# REQUIREMENT
No pictures should appear in the copy; otherwise retype the entries exactly.

# THE DATA
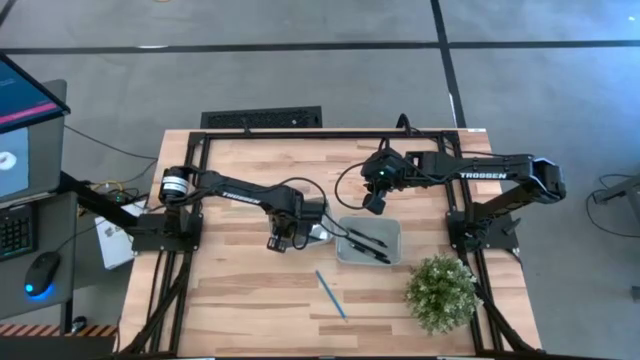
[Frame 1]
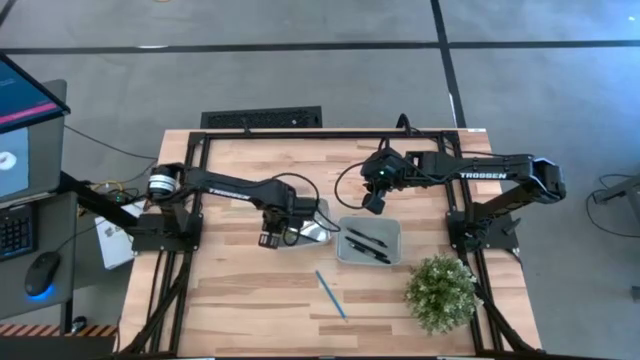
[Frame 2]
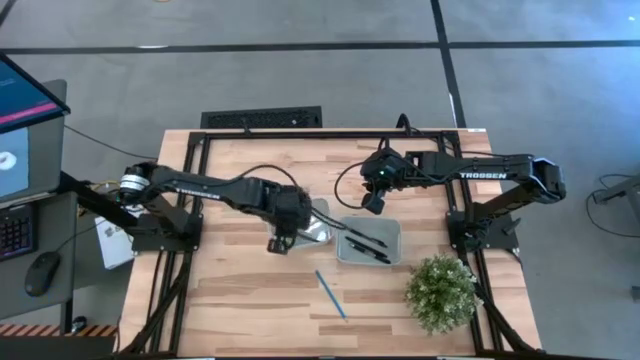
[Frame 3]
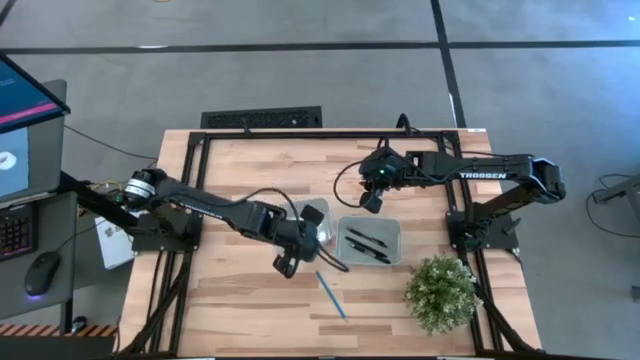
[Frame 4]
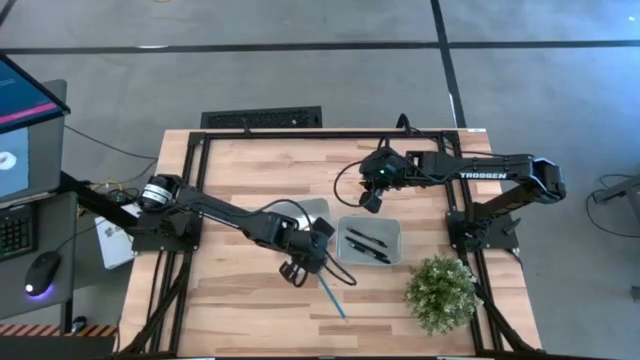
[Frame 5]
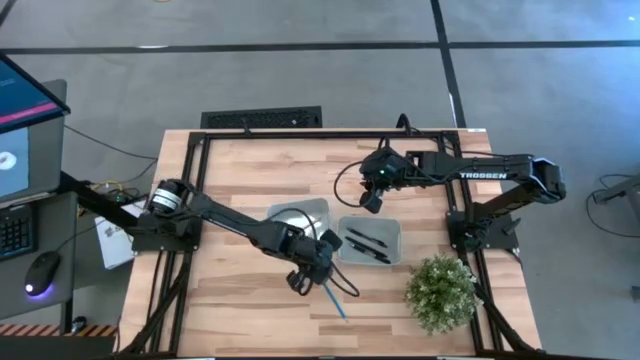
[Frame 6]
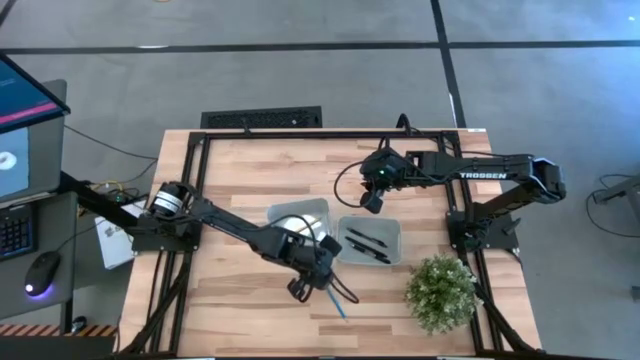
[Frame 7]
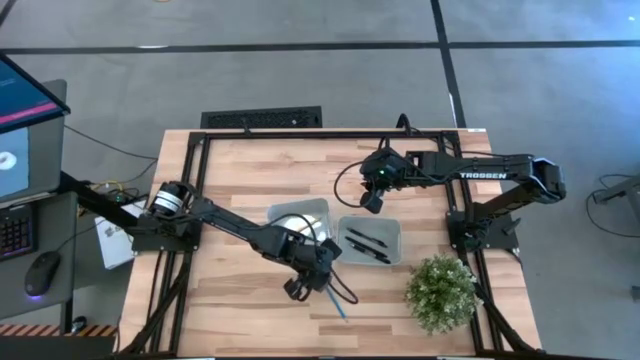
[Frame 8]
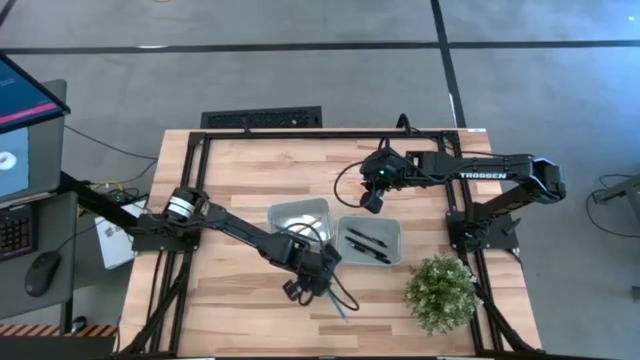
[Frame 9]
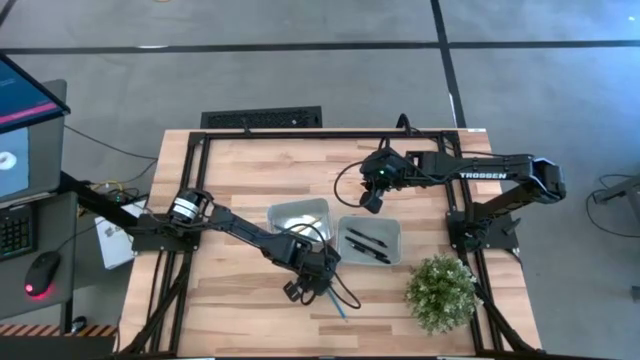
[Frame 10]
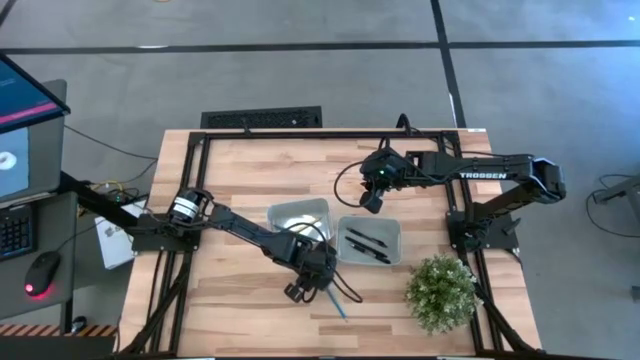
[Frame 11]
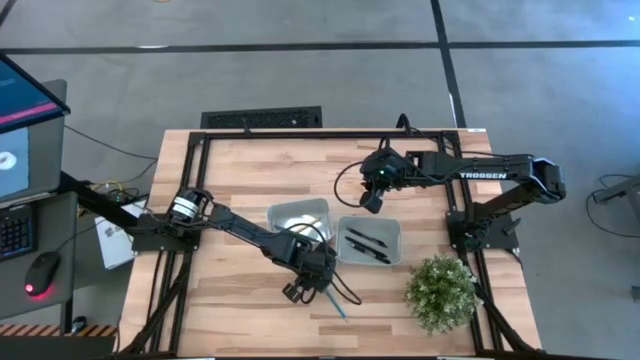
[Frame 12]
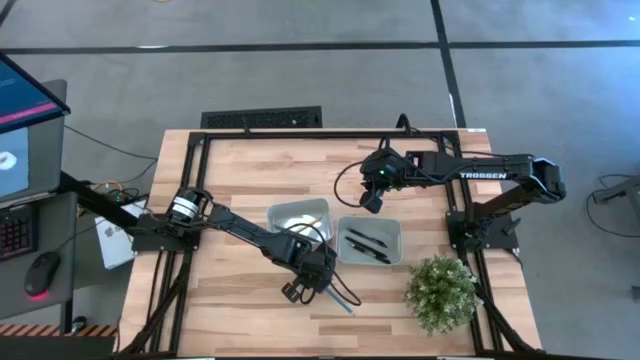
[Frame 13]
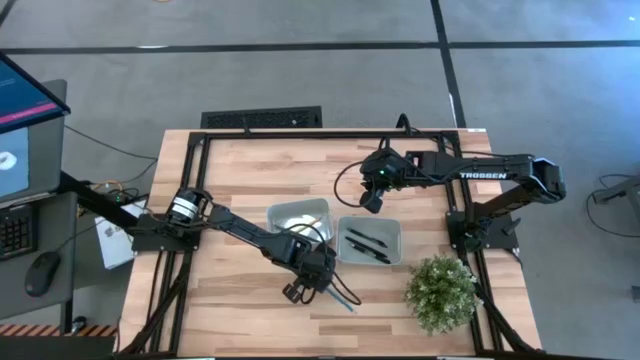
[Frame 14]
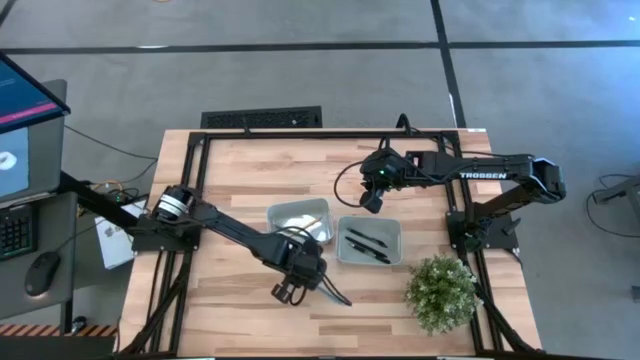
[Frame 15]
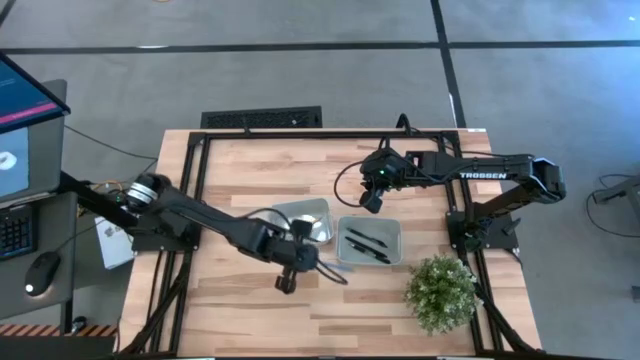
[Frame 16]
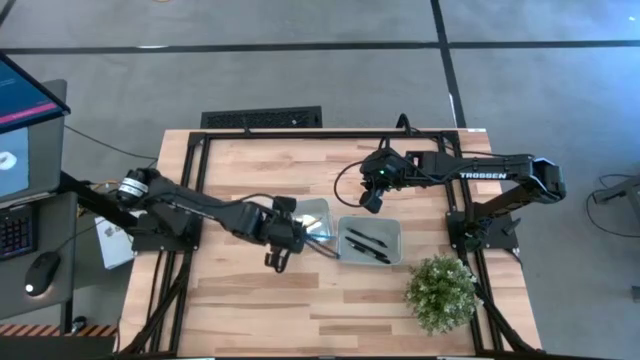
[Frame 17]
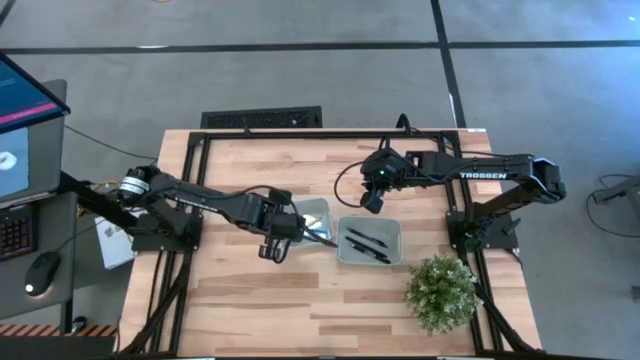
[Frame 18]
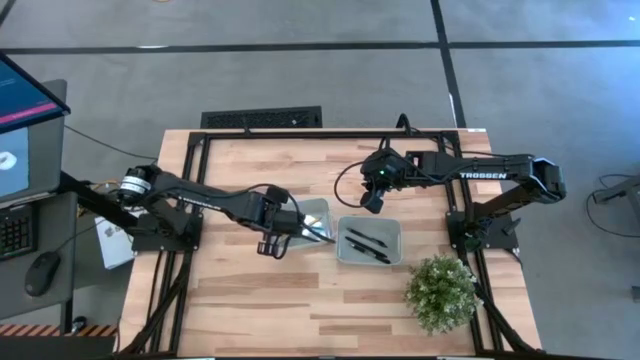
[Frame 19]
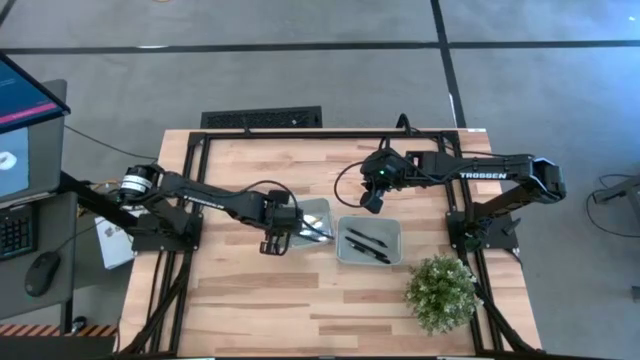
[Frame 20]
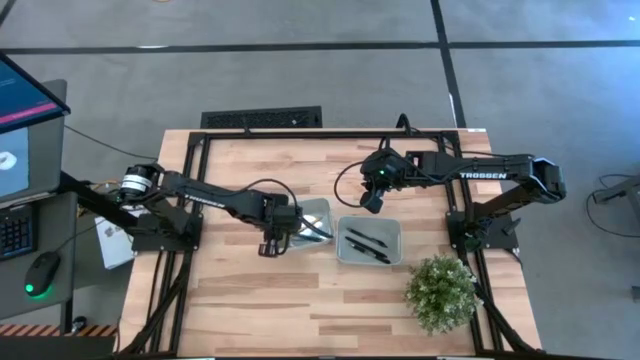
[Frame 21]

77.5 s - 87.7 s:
Task: Sort pens & pencils
Put the blue pencil into the left gray bin

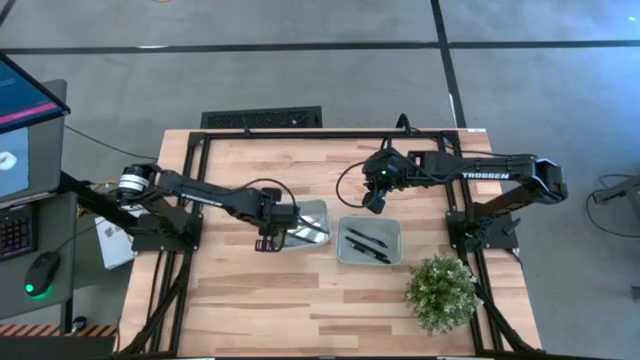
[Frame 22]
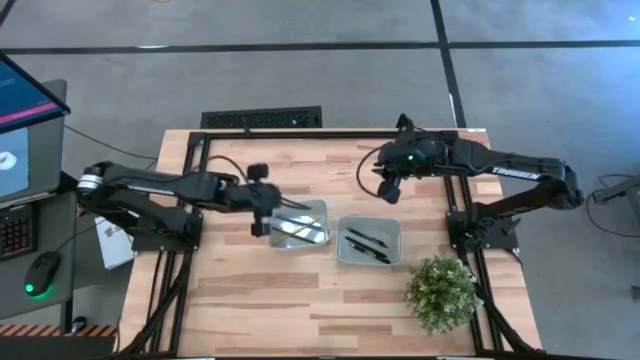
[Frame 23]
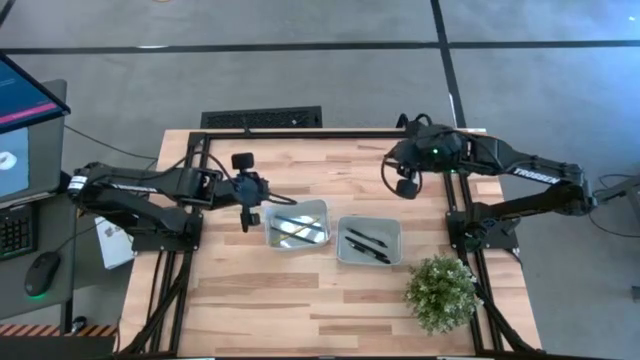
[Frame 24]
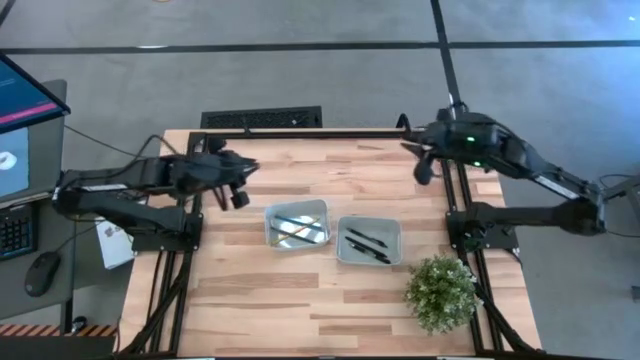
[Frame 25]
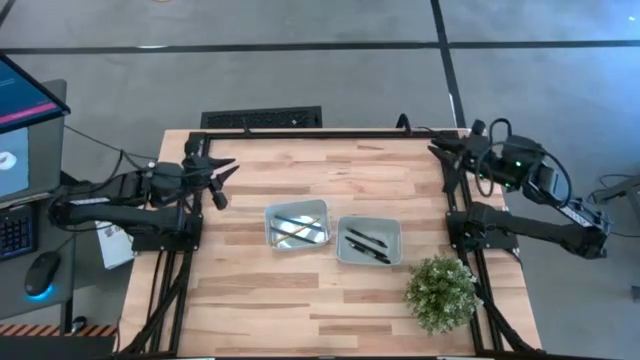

# ANSWER SPACE
[Frame 1]
[Frame 2]
[Frame 3]
[Frame 4]
[Frame 5]
[Frame 6]
[Frame 7]
[Frame 8]
[Frame 9]
[Frame 10]
[Frame 11]
[Frame 12]
[Frame 13]
[Frame 14]
[Frame 15]
[Frame 16]
[Frame 17]
[Frame 18]
[Frame 19]
[Frame 20]
[Frame 21]

77.5 s - 87.7 s:
Task: Sort pens & pencils
Put the blue pencil into the left gray bin

[Frame 22]
[Frame 23]
[Frame 24]
[Frame 25]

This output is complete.